- Opening Delimiter -
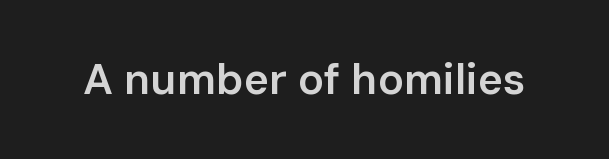
Q: Is the text bold? A: Semi-bold.
Q: Is the text italic (slanted)? A: No, it is upright.
Q: Is the typeface a serif or a sans-serif typeface? A: Sans-serif.
Q: Is the text underlined? A: No.
Q: Is the spacing between letters normal or unusually wide? A: Normal.
Q: Width (condensed, normal, or wide)? A: Normal.
Q: Stroke contrast? A: Low.
Q: x-height? A: Medium.
Q: Monospaced? A: No.
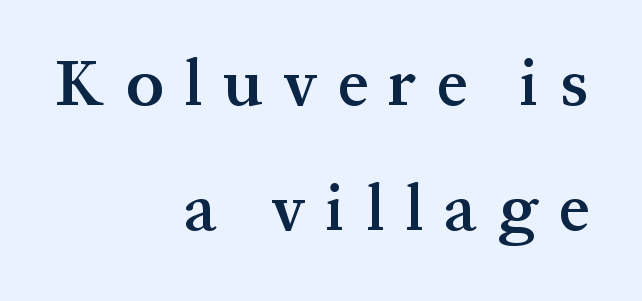
Q: Is the text bold? A: Semi-bold.
Q: Is the text italic (slanted)? A: No, it is upright.
Q: Is the typeface a serif or a sans-serif typeface? A: Serif.
Q: Is the text underlined? A: No.
Q: How is the paragraph aligned? A: Right-aligned.
Q: Is the spacing between letters normal or unusually wide? A: Unusually wide.
Q: Width (condensed, normal, or wide)? A: Normal.
Q: Stroke contrast? A: Medium.
Q: x-height? A: Medium.
Q: Monospaced? A: No.
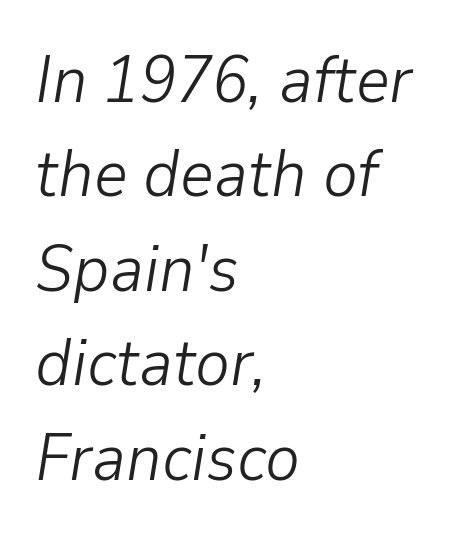
Counters stay open thanks to moderate or lighter strokes. Think of a printed novel: that variable character pitch is what you see here. The text carries the slant typical of an italic or oblique font. The vertical gap from one line to the next is medium. A typesetter would call this zero additional tracking.
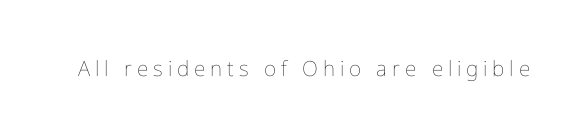
Q: Is the text bold? A: No.
Q: Is the text italic (slanted)? A: No, it is upright.
Q: Is the text underlined? A: No.
Q: Is the spacing between letters normal or unusually wide? A: Unusually wide.
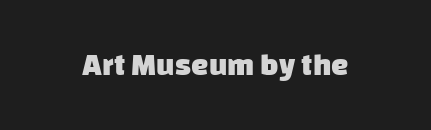
Q: Is the text bold? A: Yes.
Q: Is the typeface a serif or a sans-serif typeface? A: Sans-serif.
Q: Is the text underlined? A: No.
Q: How is the paragraph aligned? A: Centered.
Q: Is the spacing between letters normal or unusually wide? A: Normal.
Q: Width (condensed, normal, or wide)? A: Normal.
Q: Stroke contrast? A: Low.
Q: x-height? A: Large.
Q: Monospaced? A: No.
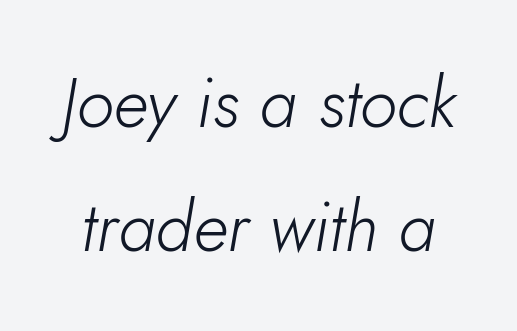
The image shows 69 px light type, italic (leaning right); set line spacing 1.8x, normal letter spacing, not underlined; low stroke contrast and a small x-height.
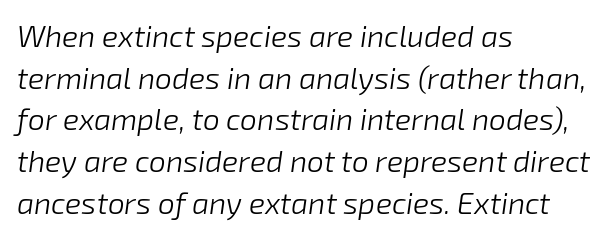
The image shows 30 px light type, italic (leaning right); set left-aligned, normal line spacing (1.39x), normal letter spacing, not underlined; low stroke contrast and a medium x-height.
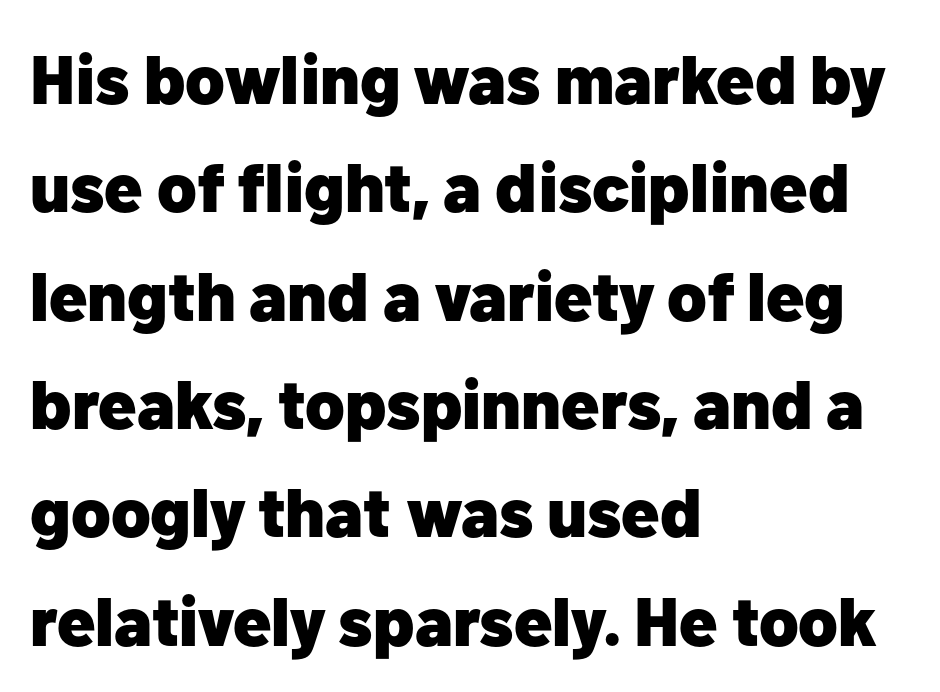
{"serif": "no", "italic": "no", "bold": "yes", "weight": "heavy", "width": "normal", "stroke_contrast": "low", "x_height": "medium", "monospaced": "no", "underline": "no", "align": "left", "line_spacing": "normal", "line_spacing_ratio": 1.57, "letter_spacing": "normal", "letter_spacing_em": 0.0, "glyph_px": 69}
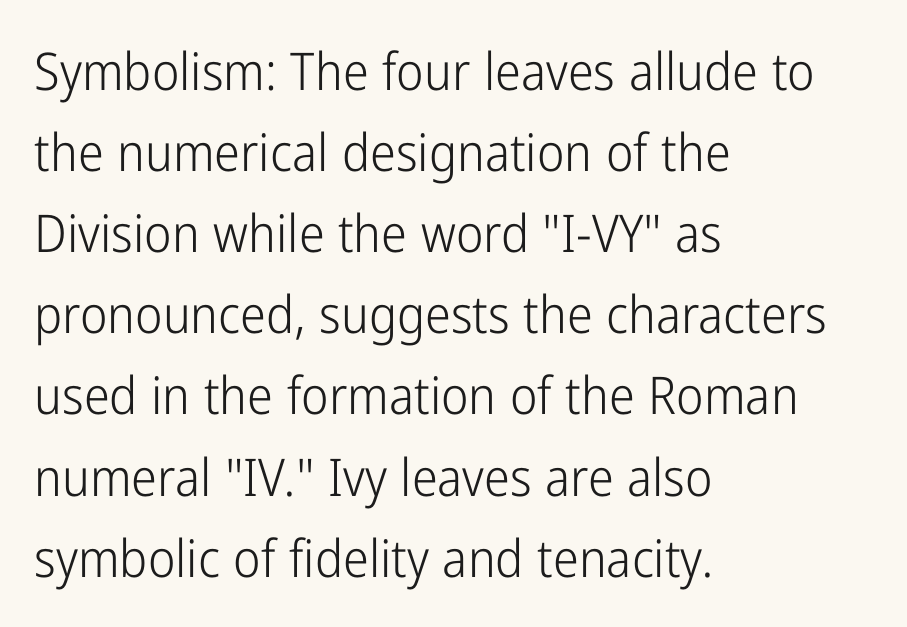
The image shows 52 px light, condensed sans-serif type, upright; set left-aligned, normal line spacing (1.56x), normal letter spacing, not underlined; low stroke contrast and a medium x-height.
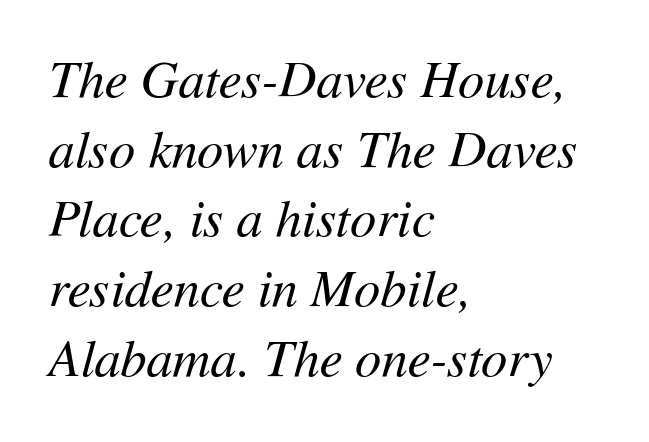
{"italic": "yes", "lean": "right", "slant_degrees": 11, "bold": "no", "weight": "regular", "width": "normal", "stroke_contrast": "medium", "x_height": "medium", "monospaced": "no", "underline": "no", "align": "left", "line_spacing": "normal", "line_spacing_ratio": 1.34, "letter_spacing": "normal", "letter_spacing_em": 0.0, "glyph_px": 52}
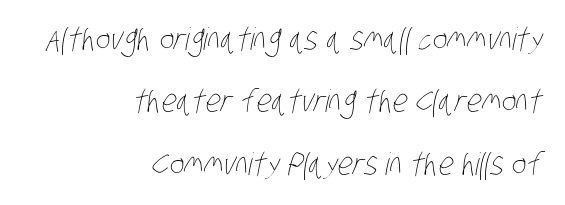
{"bold": "no", "weight": "thin", "width": "condensed", "stroke_contrast": "low", "x_height": "large", "monospaced": "no", "underline": "no", "align": "right", "line_spacing": "loose", "line_spacing_ratio": 2.01, "letter_spacing": "normal", "letter_spacing_em": 0.0, "glyph_px": 31}
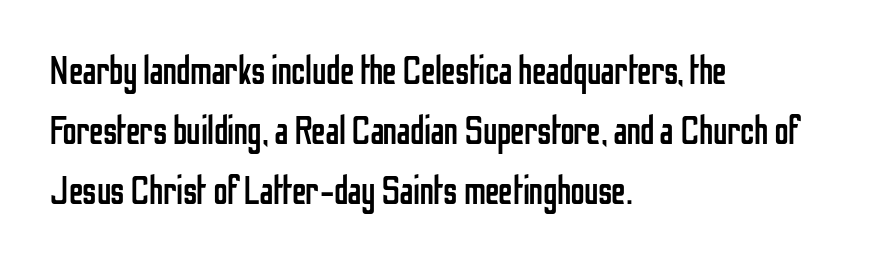
{"serif": "no", "italic": "no", "bold": "no", "weight": "regular", "width": "condensed", "stroke_contrast": "low", "x_height": "medium", "monospaced": "no", "underline": "no", "align": "left", "line_spacing": "normal", "line_spacing_ratio": 1.5, "letter_spacing": "normal", "letter_spacing_em": 0.0, "glyph_px": 40}
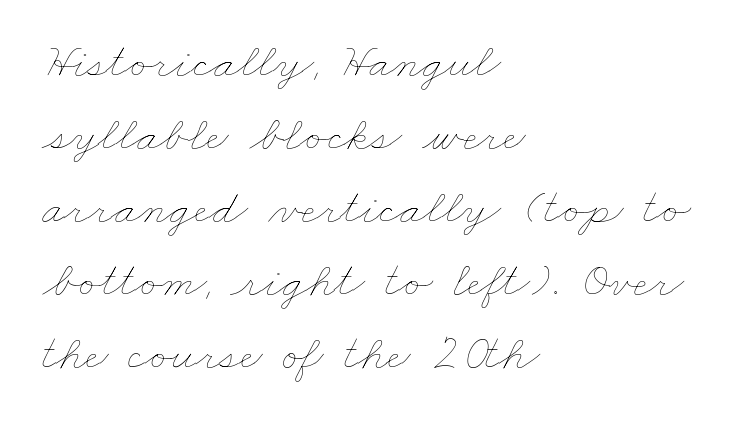
Q: Is the text bold? A: No.
Q: Is the text underlined? A: No.
Q: How is the paragraph aligned? A: Left-aligned.
Q: Is the spacing between letters normal or unusually wide? A: Normal.
Q: Is the spacing between lines tight, normal or loose? A: Normal.
Q: Width (condensed, normal, or wide)? A: Wide.
Q: Stroke contrast? A: Low.
Q: x-height? A: Small.
Q: Monospaced? A: No.
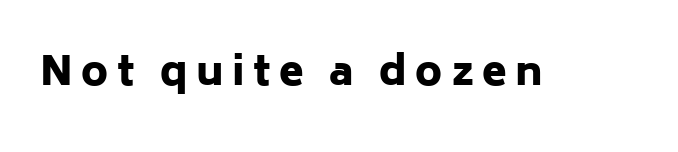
- Closing Delimiter -
TRY IT » Wherever a line above contains the string "condensed", copy that line.

SOLVED EXERCISE »
Q: Width (condensed, normal, or wide)? A: Normal.
Q: Width (condensed, normal, or wide)? A: Normal.
Q: Width (condensed, normal, or wide)? A: Normal.
The image shows 52 px light, condensed sans-serif type, upright; set left-aligned, normal line spacing (1.56x), normal letter spacing, not underlined; low stroke contrast and a medium x-height.
{"bold": "no", "weight": "thin", "width": "condensed", "stroke_contrast": "low", "x_height": "large", "monospaced": "no", "underline": "no", "align": "right", "line_spacing": "loose", "line_spacing_ratio": 2.01, "letter_spacing": "normal", "letter_spacing_em": 0.0, "glyph_px": 31}
{"serif": "no", "italic": "no", "bold": "no", "weight": "regular", "width": "condensed", "stroke_contrast": "low", "x_height": "medium", "monospaced": "no", "underline": "no", "align": "left", "line_spacing": "normal", "line_spacing_ratio": 1.5, "letter_spacing": "normal", "letter_spacing_em": 0.0, "glyph_px": 40}
Q: Width (condensed, normal, or wide)? A: Wide.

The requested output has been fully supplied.